6 Conclusions and Future Work

Selecting a collection of high-quality patterns is an important task for pattern-based classification. The main aim is to achieve good classification results using as few patterns as possible in order to obtain a model easier to understand by experts in the application domain. Following this idea, the main contribution of this paper is a new contrast pattern selection method for contrast pattern-based classification in class imbalance problems. Our proposal selects all the patterns of the minority class and based on a ranking computed through the Jaccard measure, it selects a percent of the best patterns of the majority class.
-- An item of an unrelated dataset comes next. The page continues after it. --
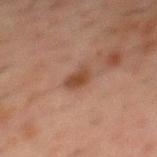Imaged during a routine full-body skin examination; the lesion was not biopsied and no histopathology is available. An algorithmic analysis of the crop reported a shape-asymmetry score of about 0.35 (0 = symmetric). And it measured an average lesion color of about L≈35 a*≈18 b*≈24 (CIELAB), about 8 CIELAB-L* units darker than the surrounding skin, and a normalized lesion–skin contrast near 8. And it measured a border-irregularity index near 3/10, a within-lesion color-variation index near 2/10, and peripheral color asymmetry of about 0.5. It also reported a nevus-likeness score of about 85/100 and lesion-presence confidence of about 100/100. Located on the mid back. Longest diameter approximately 3 mm. Captured under cross-polarized illumination. A male patient approximately 50 years of age. A lesion tile, about 15 mm wide, cut from a 3D total-body photograph.
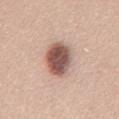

From our experiments using several imbalanced databases, we can conclude that our proposal performs significantly better, when it uses the 25% of the contrast patterns of the majority class, regarding other tested percents. Also, our proposal using k = 10% outperforms significantly other contrast pattern selection methods reported in the state-of-the-art, like Best CP, Covering, and Best k = 10%. Moreover, our proposal using k = 10% have not statistical differences with other contrast pattern selection methods, like Best k = 50%, Best k = 80%, and All CPs, but these methods need more patterns.

On the other hand, based on our experiments regarding the class imbalance ratio of the databases, we suggest that: if the database has an IR smaller than or equal to 5.3, or its IR ranges in (12.810, 23.730], or its IR ranges in (39.905, 129.440], then Best k = 80% is the best contrast pattern selection method. If the database has an IR in (9.175, 12.810] then our proposal using k = 10% is recommended. And finally, if the database has an IR in (5.300, 9.175] or its IR ranges in (23.730, 39.905] then we suggest using the contrast pattern selection method Best k = 50%.

Finally, as future work, we will explore the use of maximal or closed contrast patterns as an alternative for selecting a reduced subset of contrast patterns for classification in class imbalance problems.